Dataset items

+ + + + + + +

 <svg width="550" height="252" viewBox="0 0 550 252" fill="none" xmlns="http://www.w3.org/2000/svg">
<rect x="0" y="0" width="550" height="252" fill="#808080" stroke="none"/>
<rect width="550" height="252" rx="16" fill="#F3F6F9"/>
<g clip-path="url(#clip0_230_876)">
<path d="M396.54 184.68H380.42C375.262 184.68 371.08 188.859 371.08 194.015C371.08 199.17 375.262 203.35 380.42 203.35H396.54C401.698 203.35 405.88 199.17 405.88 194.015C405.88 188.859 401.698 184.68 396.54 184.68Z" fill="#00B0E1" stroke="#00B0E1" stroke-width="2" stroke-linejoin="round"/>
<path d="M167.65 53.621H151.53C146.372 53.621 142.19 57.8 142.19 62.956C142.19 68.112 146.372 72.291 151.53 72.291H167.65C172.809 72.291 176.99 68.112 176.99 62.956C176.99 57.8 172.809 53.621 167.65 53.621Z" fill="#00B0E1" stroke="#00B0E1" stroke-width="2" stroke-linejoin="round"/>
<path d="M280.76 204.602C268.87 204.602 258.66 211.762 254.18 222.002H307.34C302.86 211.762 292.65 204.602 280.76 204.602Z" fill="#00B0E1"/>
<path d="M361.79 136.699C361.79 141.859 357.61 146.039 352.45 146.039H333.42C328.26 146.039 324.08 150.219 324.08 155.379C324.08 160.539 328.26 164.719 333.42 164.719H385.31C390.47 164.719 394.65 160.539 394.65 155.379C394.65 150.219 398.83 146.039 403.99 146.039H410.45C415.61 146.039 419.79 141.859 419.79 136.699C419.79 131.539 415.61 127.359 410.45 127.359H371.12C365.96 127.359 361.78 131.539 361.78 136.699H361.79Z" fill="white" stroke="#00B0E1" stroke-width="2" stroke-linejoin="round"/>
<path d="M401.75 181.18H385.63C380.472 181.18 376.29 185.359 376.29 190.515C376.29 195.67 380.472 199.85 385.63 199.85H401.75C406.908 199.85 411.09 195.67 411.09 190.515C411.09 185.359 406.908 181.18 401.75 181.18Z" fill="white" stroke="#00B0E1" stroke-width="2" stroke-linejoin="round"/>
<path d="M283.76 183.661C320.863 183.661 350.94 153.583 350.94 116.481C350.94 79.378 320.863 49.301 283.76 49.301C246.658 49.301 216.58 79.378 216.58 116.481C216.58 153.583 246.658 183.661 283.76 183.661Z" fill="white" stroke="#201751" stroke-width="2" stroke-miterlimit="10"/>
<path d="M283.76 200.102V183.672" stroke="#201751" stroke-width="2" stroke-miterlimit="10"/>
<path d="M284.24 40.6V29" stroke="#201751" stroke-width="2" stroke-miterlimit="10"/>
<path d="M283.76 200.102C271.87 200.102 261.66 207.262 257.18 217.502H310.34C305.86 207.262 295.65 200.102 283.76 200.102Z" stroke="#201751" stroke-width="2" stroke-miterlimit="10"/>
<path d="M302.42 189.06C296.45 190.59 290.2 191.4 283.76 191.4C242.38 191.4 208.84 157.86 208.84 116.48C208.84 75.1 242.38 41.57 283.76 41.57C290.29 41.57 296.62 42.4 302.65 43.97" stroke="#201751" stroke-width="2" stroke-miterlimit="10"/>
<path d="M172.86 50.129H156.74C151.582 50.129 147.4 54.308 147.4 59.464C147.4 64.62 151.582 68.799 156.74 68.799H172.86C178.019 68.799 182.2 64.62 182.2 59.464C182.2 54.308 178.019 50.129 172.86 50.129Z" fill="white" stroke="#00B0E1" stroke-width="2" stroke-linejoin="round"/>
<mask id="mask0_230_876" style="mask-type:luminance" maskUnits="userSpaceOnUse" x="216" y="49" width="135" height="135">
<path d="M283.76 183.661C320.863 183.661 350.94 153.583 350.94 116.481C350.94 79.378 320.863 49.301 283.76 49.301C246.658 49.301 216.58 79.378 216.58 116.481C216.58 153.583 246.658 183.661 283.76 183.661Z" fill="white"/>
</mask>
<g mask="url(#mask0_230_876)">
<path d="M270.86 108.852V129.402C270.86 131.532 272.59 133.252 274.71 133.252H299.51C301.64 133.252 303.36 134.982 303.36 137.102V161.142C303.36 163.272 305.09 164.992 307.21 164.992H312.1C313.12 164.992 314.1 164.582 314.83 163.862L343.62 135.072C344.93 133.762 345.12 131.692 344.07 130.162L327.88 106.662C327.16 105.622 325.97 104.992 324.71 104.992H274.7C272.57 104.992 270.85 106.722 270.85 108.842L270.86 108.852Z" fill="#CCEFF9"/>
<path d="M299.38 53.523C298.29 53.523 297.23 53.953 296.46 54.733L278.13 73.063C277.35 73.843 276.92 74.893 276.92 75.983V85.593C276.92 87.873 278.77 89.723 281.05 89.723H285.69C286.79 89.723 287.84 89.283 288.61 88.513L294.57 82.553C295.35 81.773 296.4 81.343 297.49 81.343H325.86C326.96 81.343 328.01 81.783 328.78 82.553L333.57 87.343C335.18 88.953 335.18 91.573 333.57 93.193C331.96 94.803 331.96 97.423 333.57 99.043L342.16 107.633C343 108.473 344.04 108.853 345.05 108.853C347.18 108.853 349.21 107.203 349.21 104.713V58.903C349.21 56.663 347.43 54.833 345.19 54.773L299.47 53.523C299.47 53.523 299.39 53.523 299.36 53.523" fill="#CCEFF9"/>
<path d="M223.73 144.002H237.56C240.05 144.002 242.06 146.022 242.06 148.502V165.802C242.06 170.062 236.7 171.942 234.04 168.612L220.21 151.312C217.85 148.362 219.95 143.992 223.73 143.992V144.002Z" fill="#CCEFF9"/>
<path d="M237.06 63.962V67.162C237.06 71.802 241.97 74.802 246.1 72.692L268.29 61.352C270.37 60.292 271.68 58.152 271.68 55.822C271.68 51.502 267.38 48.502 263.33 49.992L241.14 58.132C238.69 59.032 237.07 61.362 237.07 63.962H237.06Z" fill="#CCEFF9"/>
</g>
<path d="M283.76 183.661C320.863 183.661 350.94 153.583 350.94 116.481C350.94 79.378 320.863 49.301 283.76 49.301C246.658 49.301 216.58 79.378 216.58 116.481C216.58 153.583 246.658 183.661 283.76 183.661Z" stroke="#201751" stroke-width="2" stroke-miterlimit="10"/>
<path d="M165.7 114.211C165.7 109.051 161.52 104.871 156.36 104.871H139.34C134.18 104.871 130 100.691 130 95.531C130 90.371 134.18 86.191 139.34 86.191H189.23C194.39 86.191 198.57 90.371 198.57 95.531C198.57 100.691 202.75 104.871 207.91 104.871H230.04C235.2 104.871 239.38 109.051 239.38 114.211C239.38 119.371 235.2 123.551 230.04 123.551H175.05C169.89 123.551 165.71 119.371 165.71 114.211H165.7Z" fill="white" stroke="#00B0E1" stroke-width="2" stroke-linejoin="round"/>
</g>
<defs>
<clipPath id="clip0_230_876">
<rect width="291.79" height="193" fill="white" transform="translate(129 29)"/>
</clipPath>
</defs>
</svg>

+ + + + + + +

Exercise
Print, without alteration, only the lines above between the one holding "200.102C271.87 200.102 261.66" and the one holding "108.852V129.402C270.86 131.532 272.59", inclusive.

Response area
<path d="M283.76 200.102C271.87 200.102 261.66 207.262 257.18 217.502H310.34C305.86 207.262 295.65 200.102 283.76 200.102Z" stroke="#201751" stroke-width="2" stroke-miterlimit="10"/>
<path d="M302.42 189.06C296.45 190.59 290.2 191.4 283.76 191.4C242.38 191.4 208.84 157.86 208.84 116.48C208.84 75.1 242.38 41.57 283.76 41.57C290.29 41.57 296.62 42.4 302.65 43.97" stroke="#201751" stroke-width="2" stroke-miterlimit="10"/>
<path d="M172.86 50.129H156.74C151.582 50.129 147.4 54.308 147.4 59.464C147.4 64.62 151.582 68.799 156.74 68.799H172.86C178.019 68.799 182.2 64.62 182.2 59.464C182.2 54.308 178.019 50.129 172.86 50.129Z" fill="white" stroke="#00B0E1" stroke-width="2" stroke-linejoin="round"/>
<mask id="mask0_230_876" style="mask-type:luminance" maskUnits="userSpaceOnUse" x="216" y="49" width="135" height="135">
<path d="M283.76 183.661C320.863 183.661 350.94 153.583 350.94 116.481C350.94 79.378 320.863 49.301 283.76 49.301C246.658 49.301 216.58 79.378 216.58 116.481C216.58 153.583 246.658 183.661 283.76 183.661Z" fill="white"/>
</mask>
<g mask="url(#mask0_230_876)">
<path d="M270.86 108.852V129.402C270.86 131.532 272.59 133.252 274.71 133.252H299.51C301.64 133.252 303.36 134.982 303.36 137.102V161.142C303.36 163.272 305.09 164.992 307.21 164.992H312.1C313.12 164.992 314.1 164.582 314.83 163.862L343.62 135.072C344.93 133.762 345.12 131.692 344.07 130.162L327.88 106.662C327.16 105.622 325.97 104.992 324.71 104.992H274.7C272.57 104.992 270.85 106.722 270.85 108.842L270.86 108.852Z" fill="#CCEFF9"/>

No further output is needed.